Rodrygo Costa touché aux ligaments du genou — 65 jours d'absence
Les mots qu'un kiné prononce lentement. 65 jours, c'est ce que le club annoncera, et quiconque a déjà entendu ce diagnostic sait que le chiffre est le moindre du problème : le genou revient avant le joueur.
Il ne s'agissait pas de football, et tous ceux qui ont vu la scène le savent. Deux hommes qui doivent jouer ensemble samedi se sont dit cette semaine au Universitario Popayan des choses qui prendront plus d'une semaine à effacer.
Quelqu'un a dit tout haut ce que plusieurs pensaient de la façon dont un autre s'entraîne, et Kevin Falcao était au milieu. La seule dispute de vestiaire qui porte vraiment sur le football.
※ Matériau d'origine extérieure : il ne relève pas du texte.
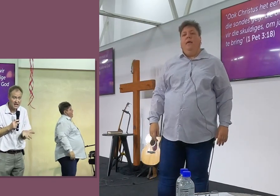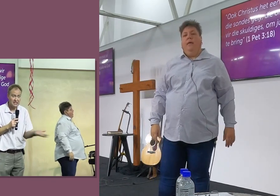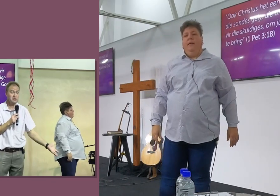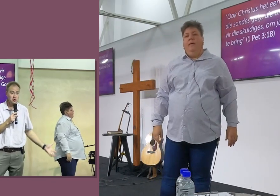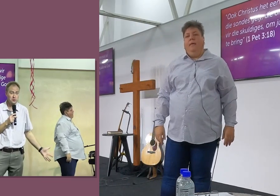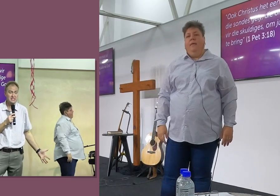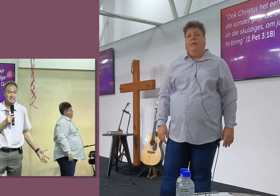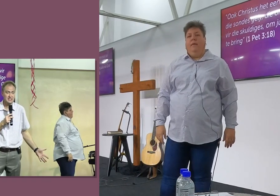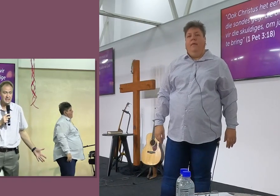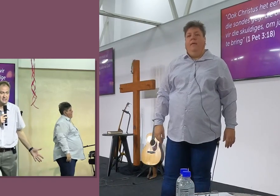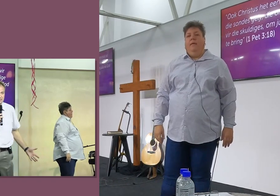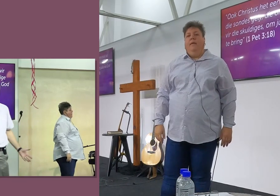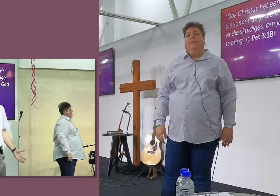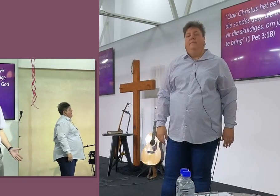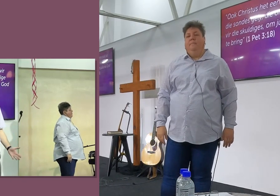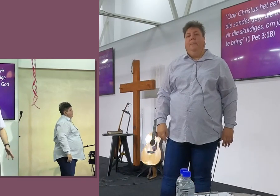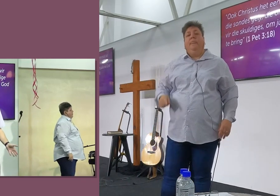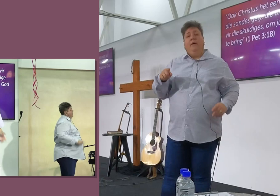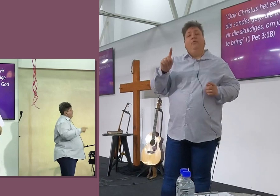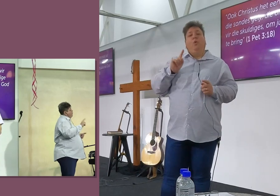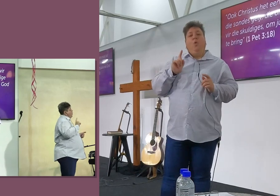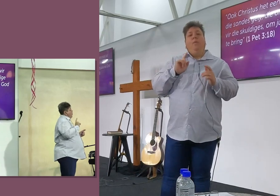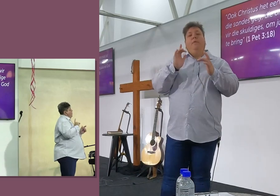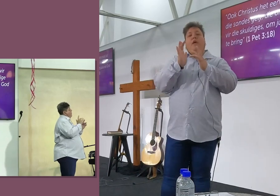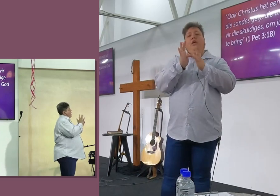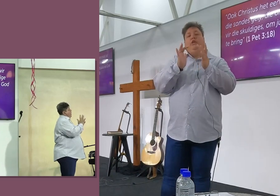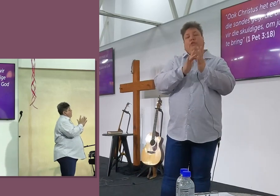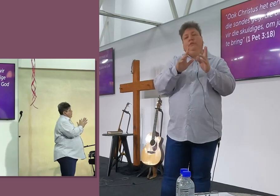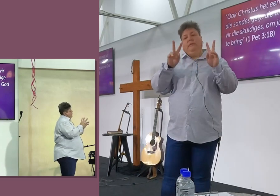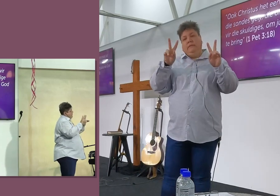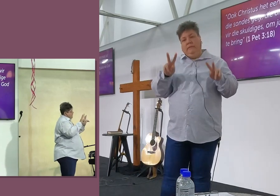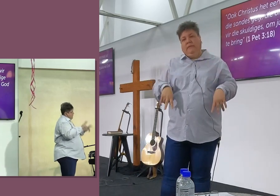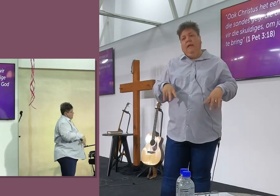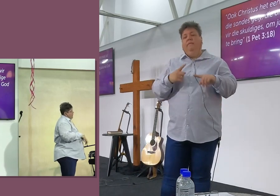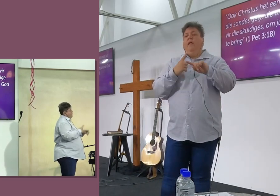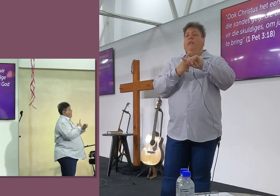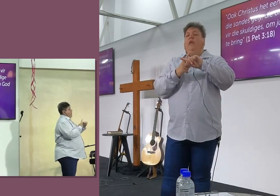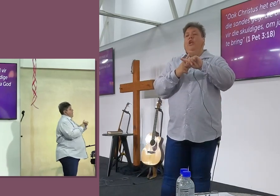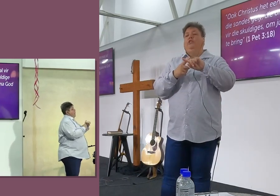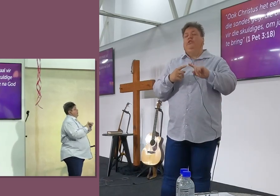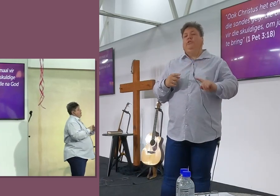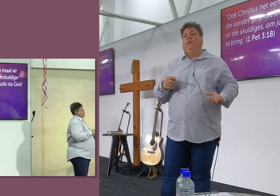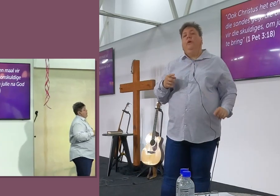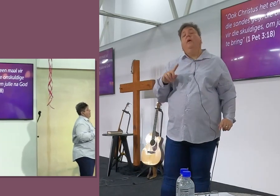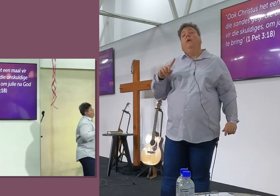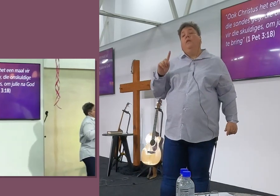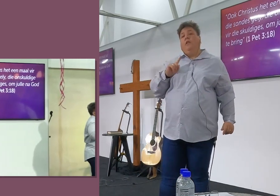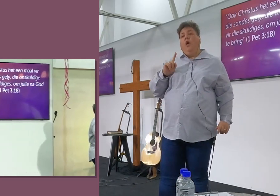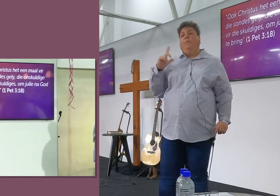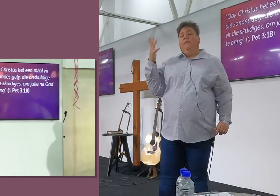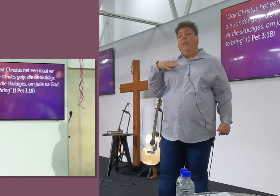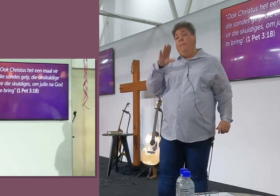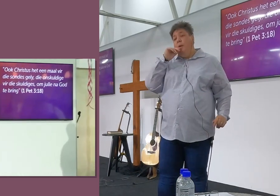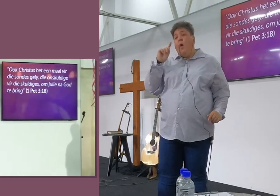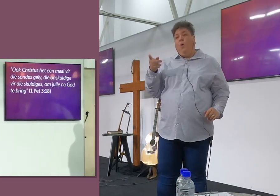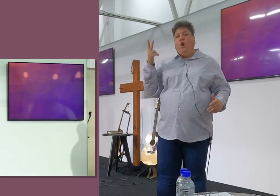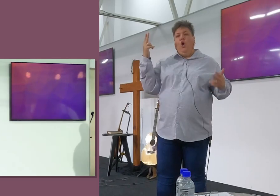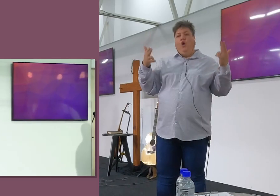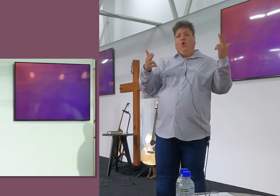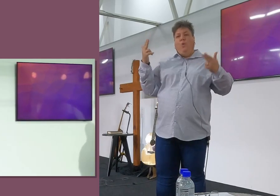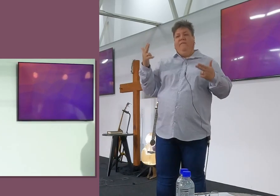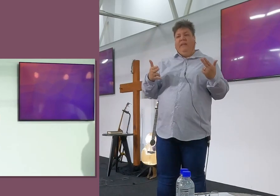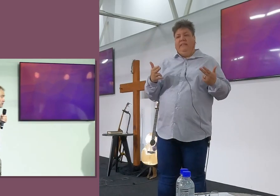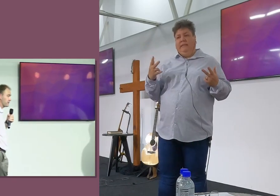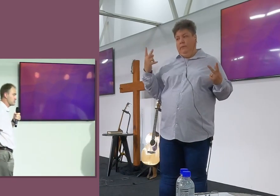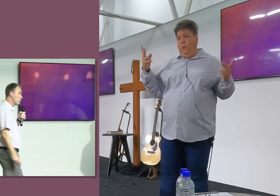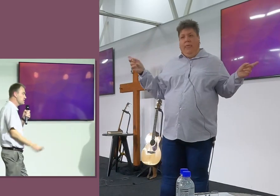was hoekom Jesus in die kruis te sterf het, Dit was die hele story, Nou, Ons praat nou oor Jesus, En ek wil eindelijk by die rovers kom, Want ons sit nog steeds

« Je titularise des joueurs qui font le travail. Tout le travail. » Aucun nom n’a été prononcé ; toutes les caméras se sont quand même tournées vers Jose Ramirez, et l’entraîneur a laissé faire.
Chaque entraîneur garde en tête une courte liste des hommes qu'il veut sur le terrain quand l'enjeu monte, et elle n'est jamais publiée. Les feuilles de match des grands après-midi disent que Nicolas Murillo y figure.
101 jours dans le communiqué, et derrière, une année de rééducation silencieuse que personne ne regardera. Universitario Popayan perd un joueur pour une saison ; lui perd quelque chose de plus difficile à nommer.
Richard Montero était au centre, et lorsqu'on les a séparés, trois ou quatre autres étaient impliqués. Un centre d'entraînement est un lieu étroit, et les longues saisons le rétrécissent.
Quelqu'un a dit tout haut ce que plusieurs pensaient. Kevin Falcao en est au centre, et le groupe va découvrir si le niveau d'exigence monte ou si les deux cessent simplement de se parler.
Le banc26/10/2026
Yerry Moreno est devenu un homme de confiance de l'entraîneur
Personne au Universitario Popayan ne le dira officiellement et les compositions le disent depuis des semaines. Dans chaque effectif, un petit groupe est aligné quand le match est difficile : il en fait désormais partie.
Richard Montero et un coéquipier se sont dit cette semaine des choses qu'il faudra plus d'une semaine pour effacer. Il ne s'agissait pas de football, et les deux jouent samedi.
Quelqu'un a dit tout haut ce que plusieurs pensaient. Rodrygo Costa en est au centre, et le groupe va découvrir si le niveau d'exigence monte ou si les deux cessent simplement de se parler.
Chaque entraîneur garde en tête une courte liste des hommes qu'il veut sur le terrain quand l'enjeu monte, et elle n'est jamais publiée. Les feuilles de match des grands après-midi disent que Carlos Gonzalez y figure.
« Ça avait assez duré. Je préfère le dire en face plutôt que de laisser traîner. » Dix minutes à huis clos à Universitario Popayan, et les deux hommes en sont ressortis en disant que tout allait bien.